**From machine learning alchemy**

Linear regression is to solve the regression problem, and logical regression is to solve the classification problem on the basis of linear regression.

# 1 Formula

It goes without saying what linear regression is. The format looks like this:

$f_{w,b}(x)=\sum_i{w_ix_i}+b$

What about logistic regression?

$f_{w,b}(x)=\sigma(\sum_i{w_ix_i}+b)$

The first thing to remember:**Logistic regression can be understood as adding a sigmoid function after linear regression. The linear regression is transformed into a 0 ~ 1 output classification problem.**

# 2 sigmoid

The sigmoid function is:

$\sigma(z)=\frac{1}{1+e^{-z}}$

The function image is:

Linear regression can get more than 0 output, logistic regression can get 0.5 ~ 1 output;

Linear regression can get less than 0 output, logistic regression can get 0 ~ 0.5 output;

The main point of this article is that**The least square method is used to estimate the parameters of linear regression**, and**Logistic regression uses likelihood estimation**. (of course, gradient descent can be used for both).

# Likelihood estimation of logistic regression parameters

For example, now we have a training data set, which is a binary classification problem

The top $x ^ 1 $is the sample and the bottom $C_ 1 $is the category. There are two categories.

Now suppose we have a logistic regression model

$f_{w,b}(x)=\sigma(\sum_i{w_ix_i}+b)$

So $f_ The result of {W, B} (x ^ 1) $is a number from 0 to 1. We can set it well and assume that this number is the category $C_ The probability of 1 $, on the contrary, 1 minus this number, is the category $C_ Two dollars.

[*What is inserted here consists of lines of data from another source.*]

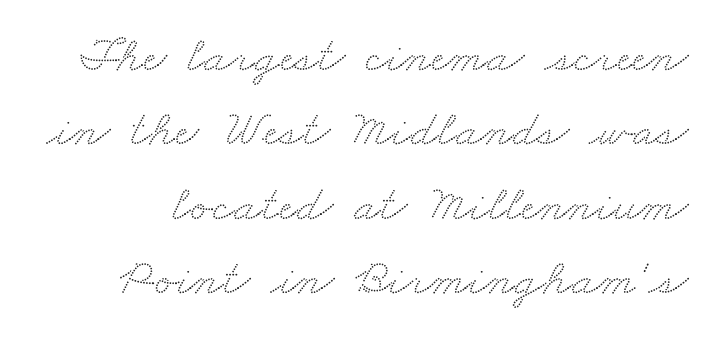
Successive baselines arrive at the customary interval. Only glyphs here, with clear space below each row. A typesetter would call this zero additional tracking. Font category for this specimen: serif.
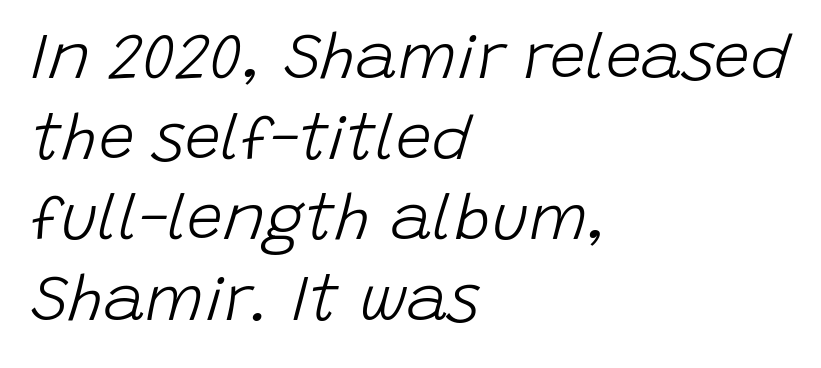
The gaps between neighbouring characters are ordinary and unremarkable. A light-to-regular cut is what we see here. The passage shown is not underscored anywhere. These lines sit exactly where default settings would place them. Which margin do the lines hug? The left one — the right edge is uneven.
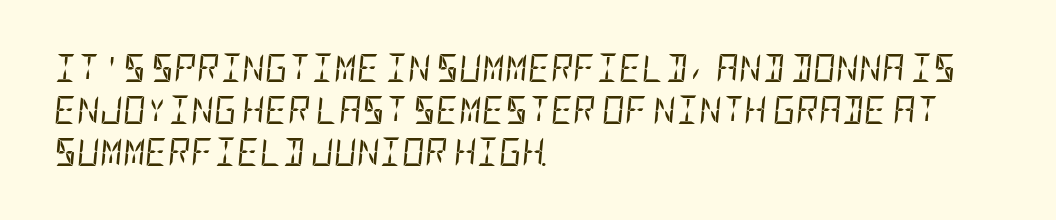
The image shows 28 px regular-weight, condensed type, italic (leaning right); set left-aligned, normal line spacing (1.5x), normal letter spacing, not underlined; low stroke contrast and a large x-height.
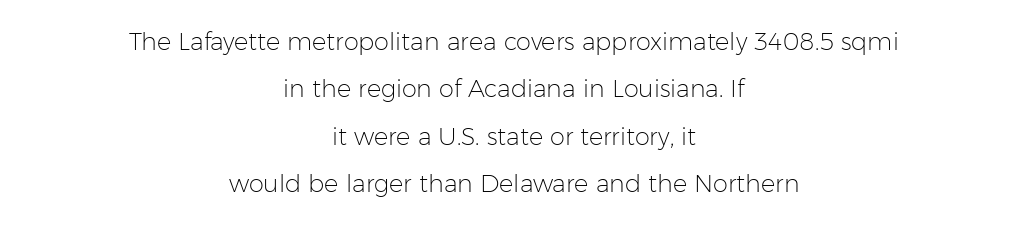
The image shows 24 px text type, upright; set centered, loose line spacing (1.97x), normal letter spacing, not underlined.
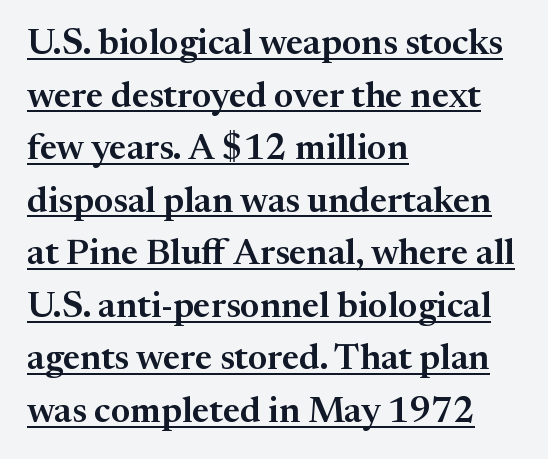
The image shows 36 px serif type, upright; set left-aligned, normal line spacing (1.46x), normal letter spacing, underlined; medium stroke contrast and a medium x-height.

**The simple understanding of likelihood is to maximize the probability of the data set above**

Let’s understand:

- $x_ One dollar is $C_ The probability of $1 is $F_ {w,b}(x^1)$;
- $x_ Two dollars is $C_ The probability of $1 is $F_ {w,b}(x^2)$;
- $x_ Three dollars is $C_ The probability of $2 is $1-f_ {w,b}(x^3)$;
- ……
- $x_ N $is $C_ The probability of $1 is $F_ {w,b}(x^N)$;

The samples are independent of each other. What is the probability of the data set above? It is the product of each sample. This is the likelihood

We hope that the parameter estimation of W, B is the parameter that can obtain the maximum likelihood. That is to say:

With a minus sign, it becomes a minimization problem. Of course, adding a log will not affect the whole estimation of W and B. Because $log (L (W, b)) $is also the largest when $l (W, b) $is the largest, and log is a monotonically increasing function. So we can get the following results:

[Note: all logs are natural logarithms based on e]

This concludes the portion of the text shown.